The cliché that somehow isn’t yet regarded as such is prancing about on social media under some other pretence. LinkedIn despite professional appearances is one of the most dissonant platforms. But dissonance pervades all of them. Posting for one reason, but making out it’s another; posting a video of yourself in yoga pants whilst claiming it’s to help people do yoga; posting a shirtless image of yourself doing an overhead press whilst claiming it’s about teaching people how to do the overhead press; smoking cannabis because it “helps your anxiety;” so on and so forth. Look at what’s in my right hand, not in my left.

Again the point is not that any particular behaviour itself is necessarily bad or wrong. Because that would presuppose one particular moral code over another. The point is not any particular outward behaviour in itself but the contradiction that sits behind it. No one can tell you the way forward—your own experience will tell you that if you listen. Non-contradiction must always be the aim.

In shadow work circles there is sometimes talk of ‘shadow benefits’. There is no limit to the number of convincing sounding reasons available for justifying all kind of dissonant behaviours while hiding the full set of reasons even from oneself.

Known suffering is often less scary than unknown freedom. Victimhood is often easier than the unknown of change or asserting yourself. Generalising the opposite sex as bad is often easier than confronting the possibility of nuance and what that brings up in turn. Identifying with your personality preferences is often easier than working with them, like an introvert who now has an excuse to not meet with the world. Sometimes there is the opposite problem and embracing your preferences wholly, which would be an act of true self-love, is the truly difficult thing. As always there is truth to both sides, but finding the deeper truth always requires a meeting of both.

Sometimes even disabilities and medical labels can be held onto precisely because a person secretly benefits from having them. It’s no longer merely a physical state of anxiety or distraction or whatever, but my Aspergers, my ADHD and my anxiety. Medicalisation provides an almost unassailable defence that no one ought dare to challenge. Medicalise a pattern of tendencies or behaviours and you will find some temporary relief, but every label is as much a pointer towards understanding as it is a limitation on it. The fact this is controversial to point out is itself the tell.

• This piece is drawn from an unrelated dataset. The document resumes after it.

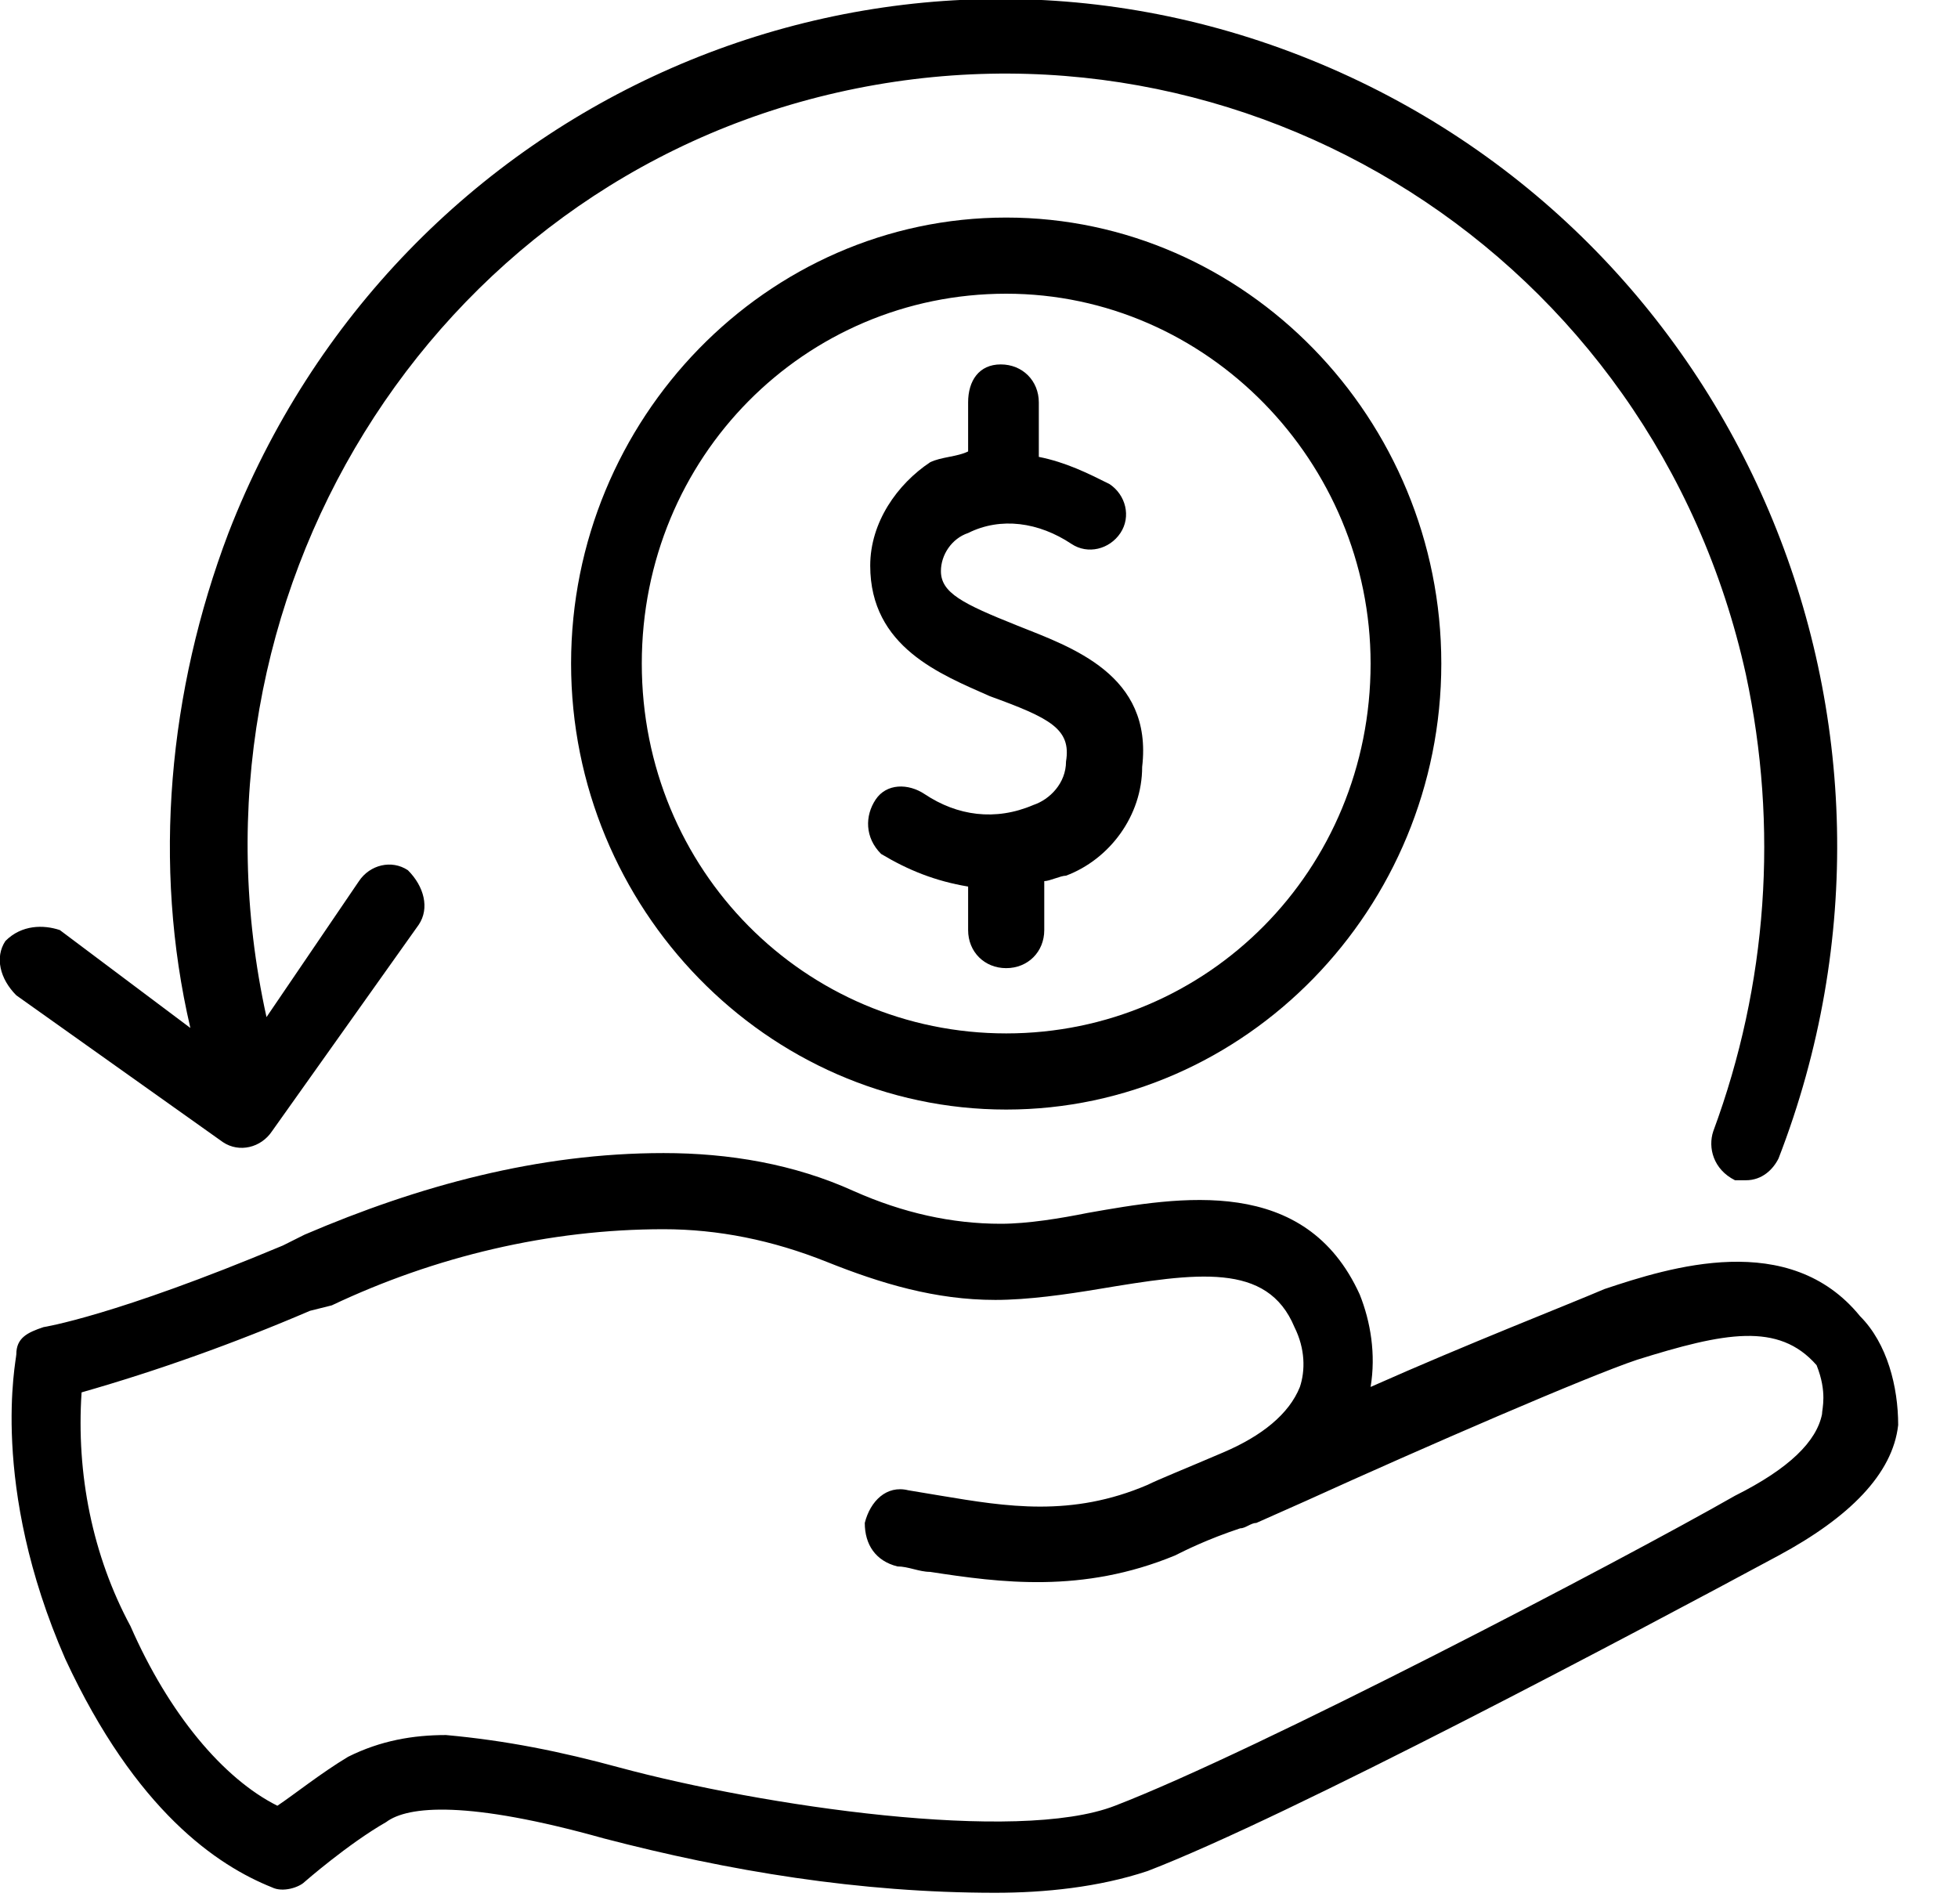 <svg enable-background="new 0 0 36 35" viewBox="0 0 36 35" xmlns="http://www.w3.org/2000/svg"><path d="m.3 18.3 3.8 2.7c.3.2.7.1.9-.2l2.7-3.8c.2-.3.1-.7-.2-1-.3-.2-.7-.1-.9.2l-1.7 2.5c-1.7-7.7 3-15.3 10.5-17s15 3 16.7 10.7c.6 2.8.4 5.7-.6 8.4-.1.3 0 .7.4.9h.2c.3 0 .5-.2.6-.4 3.1-8-.7-17-8.6-20.2s-16.8.7-19.9 8.7c-1.1 2.9-1.4 6.1-.7 9.1l-2.4-1.8c-.3-.1-.7-.1-1 .2-.2.3-.1.7.2 1z"/><path d="m34.2 24.2c-1.3-1.6-3.5-.9-4.7-.5-.7.3-2.5 1-4.3 1.8.1-.6 0-1.2-.2-1.7-1-2.2-3.3-1.8-5-1.5-.5.1-1.1.2-1.6.2-.9 0-1.8-.2-2.7-.6-1.1-.5-2.3-.7-3.5-.7-2.3 0-4.5.6-6.6 1.5l-.4.2c-3.1 1.3-4.4 1.5-4.4 1.5-.3.1-.5.2-.5.5 0 .1-.5 2.4.9 5.6 1.3 2.8 2.8 3.8 3.8 4.2.2.1.5 0 .6-.1 0 0 .8-.7 1.5-1.1.4-.3 1.5-.4 4 .3 2.3.6 4.7 1 7.2 1 .9 0 1.9-.1 2.8-.4 2.6-1 9-4.4 11.6-5.8 1.3-.7 2.1-1.5 2.2-2.4 0-.7-.2-1.5-.7-2zm-.7 1.8c-.1.5-.6 1-1.6 1.5-2.1 1.2-8.8 4.7-11.4 5.7-1.8.7-6.5 0-9.1-.7-1.1-.3-2.1-.5-3.2-.6-.6 0-1.2.1-1.8.4-.5.3-1 .7-1.3.9-1-.5-2-1.7-2.7-3.3-.7-1.3-1-2.8-.9-4.3 1.4-.4 2.8-.9 4.2-1.5l.4-.1c1.9-.9 4-1.4 6.1-1.4 1 0 2 .2 3 .6s2 .7 3.1.7c.6 0 1.3-.1 1.9-.2 1.8-.3 3.1-.5 3.6.7.2.4.2.8.1 1.1-.2.5-.7.9-1.4 1.2s-1.2.5-1.4.6c-1.4.6-2.6.4-3.8.2l-.6-.1c-.4-.1-.7.2-.8.6 0 .4.2.7.6.8.2 0 .4.1.6.1 1.3.2 2.8.4 4.5-.3.2-.1.6-.3 1.2-.5.1 0 .2-.1.3-.1l.9-.4c2.2-1 5.2-2.3 6.1-2.6 1.6-.5 2.6-.7 3.3.1.2.5.1.8.1.9z"/><path d="m17.8 7.4v.9c-.2.1-.5.1-.7.2-.6.4-1.1 1.1-1.1 1.9 0 1.5 1.3 2 2.2 2.4 1.1.4 1.5.6 1.4 1.2 0 .4-.3.7-.6.8-.7.3-1.4.2-2-.2-.3-.2-.7-.2-.9.1s-.2.7.1 1c.5.3 1 .5 1.6.6v.8c0 .4.3.7.7.7s.7-.3.7-.7v-.9c.1 0 .3-.1.4-.1.8-.3 1.4-1.1 1.4-2 .2-1.7-1.3-2.2-2.3-2.6s-1.4-.6-1.4-1c0-.3.2-.6.5-.7.6-.3 1.3-.2 1.9.2.3.2.7.1.9-.2s.1-.7-.2-.9c-.4-.2-.8-.4-1.3-.5v-1c0-.4-.3-.7-.7-.7s-.6.3-.6.7z"/><path d="m10.5 12.2c0 4.5 3.6 8.2 8 8.2s8-3.7 8-8.2-3.6-8.2-8-8.2-8 3.7-8 8.2zm14.7 0c0 3.8-3 6.8-6.7 6.8s-6.7-3-6.7-6.8 3-6.8 6.7-6.8 6.7 3.1 6.7 6.8z"/></svg>

Whether or not you believe you are responsible, you’re probably right.

It is only through tussling with the light and dark sides of both the impulse and its antithesis that one experiences the third movement of insight into any given behaviour, and that is synthesis.

Synthesis means to have brought both sides into awareness and reconciled them. One understands the answer to the question ‘why am I doing what I’m doing?’ They see the need for gratification, security, justice, attention, to be loved and admired, to be significant, and they don’t deem any of it as bad or wrong in itself. These can all have wholesome roots, but they must be considered alongside their impacts when unacknowledged, and the need for their opposite.

Getting attention is not merely ‘me getting attention’—it is also another person giving attention. Selling something doesn’t merely get you money—it also transfers it from someone else. Gratification is needed but it isn’t a permanent state. And not only isn’t but cannot be, because otherwise there would be no growth, no journey and nothing here in the first place to be gratified.

At the level of synthesis, the link has been made between causes and consequences. One understands precisely what actions have led to the current experience, as well as what decisions made now will lead to in the future. By being conscious of both causes and consequences, they can truly make the right decisions for them that reconcile inner contradiction.

Only the third level of awareness can truly meet both needs and therefore be used to enact meaningful change. Everything else on the way is merely compromise and displacement into other behaviours.

Why are you doing what you’re doing?